Pour commencer, je voudrais remercier ceux qui ont conçu et organisé ce colloque, l'association "Europartenaires", bien sûr, mais aussi le club Témoin et la Fondation Friedrich Ebert. Je salue leurs responsables, Jean-Noël Jeanneney, Jean-Pierre Mignard et Ernst Stetter, ainsi, naturellement, que le président de l'Assemblée nationale, Laurent Fabius, qui a ouvert, ce matin, les travaux et qui nous accueille ici.

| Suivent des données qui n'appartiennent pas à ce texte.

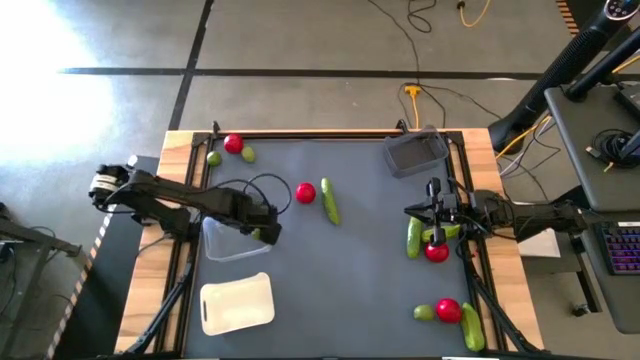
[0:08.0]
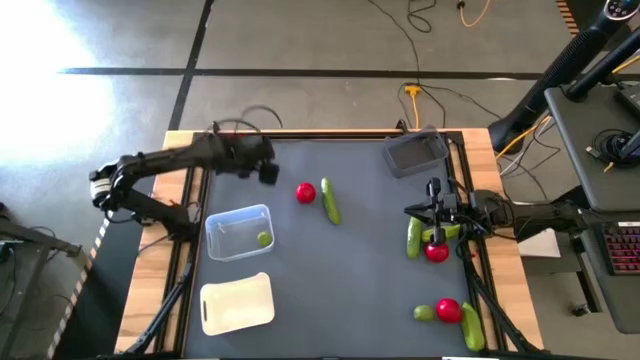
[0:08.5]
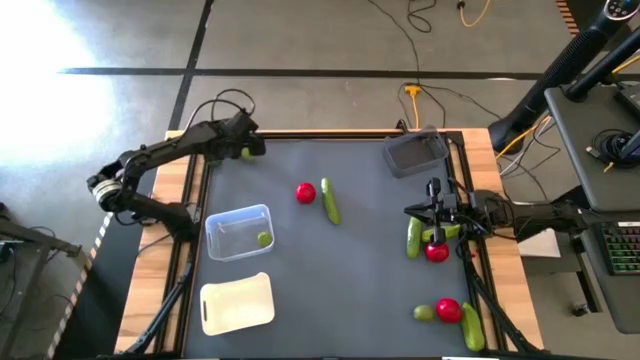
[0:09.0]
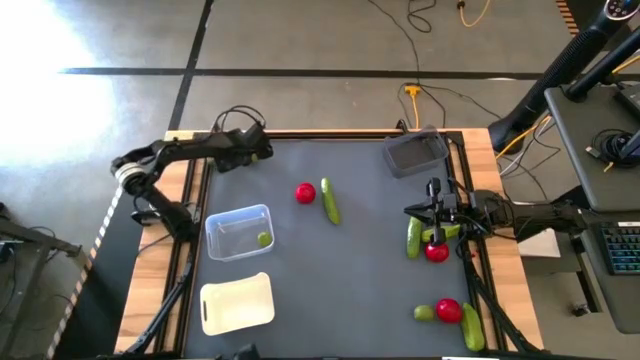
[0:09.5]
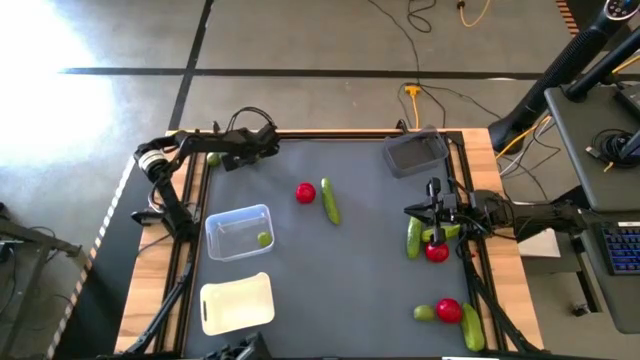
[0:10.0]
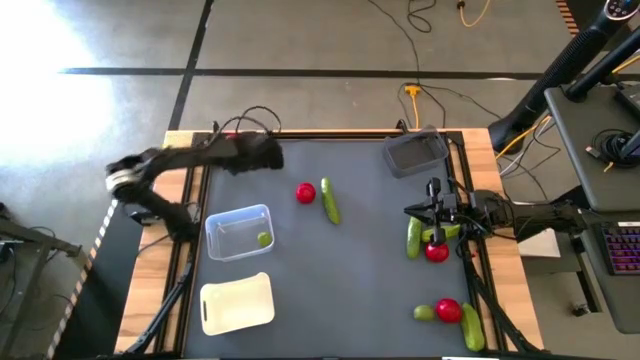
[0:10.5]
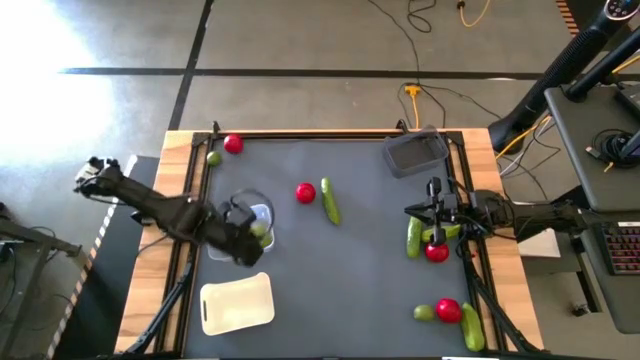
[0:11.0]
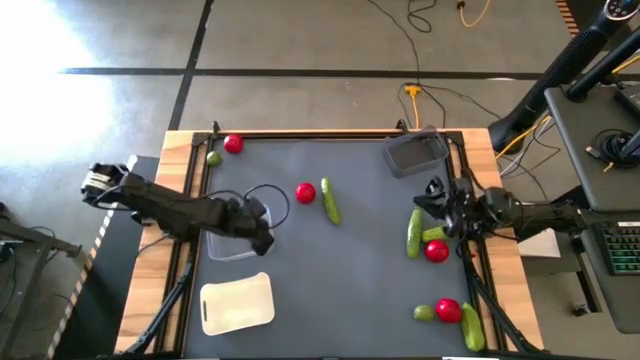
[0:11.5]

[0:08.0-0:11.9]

Que ce colloque, centré sur les dimensions politiques et culturelles de l'euro, soit le fruit d'une coopération franco-allemande vient, opportunément, rappeler que la monnaie unique, comme toutes les réalisations majeures de la Communauté, trouve son origine dans l'entente entre nos deux pays, dans cette volonté partagée de construire ensemble notre avenir, dans cette passion commune de la paix, qui est le fondement de la réconciliation franco-allemande, mais qui est, aussi, notre commune et égale responsabilité pour la paix en Europe.
C'est, également, l'occasion de réaffirmer que l'euro, avant d'être un instrument monétaire et économique, est un projet politique pour l'Europe et pour la paix. C'est à cette aune, aussi, que l'on doit mesurer le sens de l'abandon des souverainetés monétaires, ou plutôt de leur partage, librement consenti. En guise d'illustration, vous me permettrez de citer l'argument de François Mitterrand en faveur de l'Union économique et monétaire, en septembre 1991. Il était alors à Berlin, et s'adressait à un public allemand, avec le président Von Weizsäcker, qui l'avait invité.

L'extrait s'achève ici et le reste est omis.